Nordic and Northern European people used the Norse calendar until Christianity took over. However, Icelanders kept using their calendar version, especially the names of the months, until the 18th century. Icelanders still use a few month names, especially þorri, góa, and harpa. The first days of those months are the husband’s day, the woman’s day, and the first day of summer, respectively.
You can read all about the calendar here. Then we have posts about individual months:
The second summer month in the Old Icelandic calendar begins on a Saturday between the 19th and 25th of May.
Two names are known for this month: skerpla and eggtíð. The month’s name is not as old as þorri, for example. The oldest source for þorri is from the 12th century, but skerpla is only known from the 17th century. However, eggtíð is known from Snorri’s Edda in the 13th century, where it is also named stekktíð.
The End of Spring and Beginning of Summer
Despite there only being officially two seasons in the old Icelandic calendar, Icelanders still didn’t really believe that summer started right away.

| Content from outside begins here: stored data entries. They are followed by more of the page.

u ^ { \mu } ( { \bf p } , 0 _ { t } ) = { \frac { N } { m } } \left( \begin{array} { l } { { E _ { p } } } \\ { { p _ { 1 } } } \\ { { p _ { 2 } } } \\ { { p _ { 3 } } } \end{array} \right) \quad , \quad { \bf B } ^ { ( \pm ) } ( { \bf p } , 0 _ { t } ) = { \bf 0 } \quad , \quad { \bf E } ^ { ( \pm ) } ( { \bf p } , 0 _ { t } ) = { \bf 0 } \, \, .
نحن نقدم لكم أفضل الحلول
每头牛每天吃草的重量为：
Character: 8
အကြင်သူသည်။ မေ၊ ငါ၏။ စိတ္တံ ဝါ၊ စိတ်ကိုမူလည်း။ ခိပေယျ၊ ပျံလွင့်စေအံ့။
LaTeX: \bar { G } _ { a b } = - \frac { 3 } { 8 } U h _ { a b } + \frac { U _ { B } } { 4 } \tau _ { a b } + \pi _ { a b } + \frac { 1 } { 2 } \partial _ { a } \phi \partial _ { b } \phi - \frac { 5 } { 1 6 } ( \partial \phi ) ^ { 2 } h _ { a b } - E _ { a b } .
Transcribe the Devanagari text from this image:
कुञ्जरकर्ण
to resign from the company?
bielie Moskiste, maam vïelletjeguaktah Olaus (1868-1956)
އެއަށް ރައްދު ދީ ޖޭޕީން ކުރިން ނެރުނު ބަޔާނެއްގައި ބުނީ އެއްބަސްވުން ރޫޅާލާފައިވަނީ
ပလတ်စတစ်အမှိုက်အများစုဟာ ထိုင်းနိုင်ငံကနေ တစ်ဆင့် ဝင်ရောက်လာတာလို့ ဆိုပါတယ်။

Between the 31st of May and the 6th of June, which marked approximately two weeks into skerpla, it became customary for migrant workers or individuals seeking to change their workplace to relocate to their next destination. This time was called “fardagar”, or travel days. It is unknown why or when it was decided that people should all move simultaneously. But it was easier for everyone to have a set time to move. According to Snorri’s Edda, the travel days were in the middle of skerpla and at the end of spring and the beginning of summer.

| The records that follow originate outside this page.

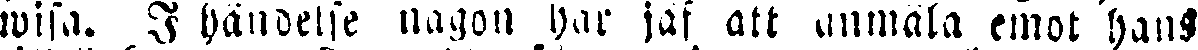
wisa. I händelse någon har jaf att anmäla emot hans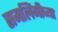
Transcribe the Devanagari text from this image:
समलिंगीच्या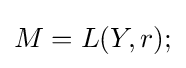
M=L(Y,r);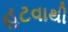
હટવાથી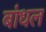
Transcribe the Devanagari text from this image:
बांधल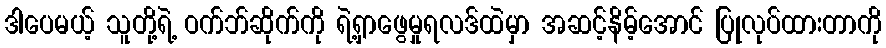
ဒါပေမယ့် သူတို့ရဲ့ ဝက်ဘ်ဆိုက်ကို ရဲ့ရှာဖွေမှုရလဒ်ထဲမှာ အဆင့်နိမ့်အောင် ပြုလုပ်ထားတာကို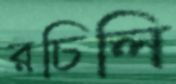
রচিলি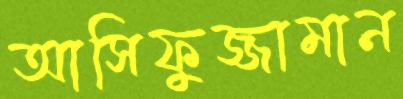
আসিফুজ্জামান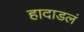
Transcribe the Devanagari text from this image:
हादाडलं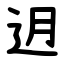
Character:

The custom of “fardagar” is so old that it is mentioned in the Old Icelandic Sagas, and there it is said it was a custom in Norway as well. So, it is most likely that this custom was something people did ever since the settlement age.
Is it skerpla or eggtíð? Or is it stekktíð?
The name skerpla is younger than eggtíð and stekktíð. As we said above, the name skerpla is probably only from the 17th century. At the same time, eggtíð and stekktíð are mentioned in Snorri’s Edda. However, the names could, of course, be much older.
Eggtíð means egg season, and stekktíð refers to new-born lambs being free to roam during the day to suckle from their mother. At night they were locked in a “stekkur” or a pen. The lambs were put in the small pen during the night so farmers could milk the ewes.
So, both names are connected to which chores people had to do in that month.
Snorri’s month names possibly weren’t what people called the months day to day as they often described the season. Such as sólmánuður, the following month after skerpla – “sun month”. It starts at the end of June, around the year’s longest day.
The origin of the word skerpla isn’t as clear, but the oldest sources are since the 17th century. It is believed it is derived from the adjective “skarpur” or “sharp” and the noun “skerpa”, which is related to a Norwegian word meaning badlands. It can thus be surmised it refers to little vegetation during spring.
There are no special holidays connected with this month. But, even if we have celebrated the beginning of summer already in April, we can definitely say that summer has now begun.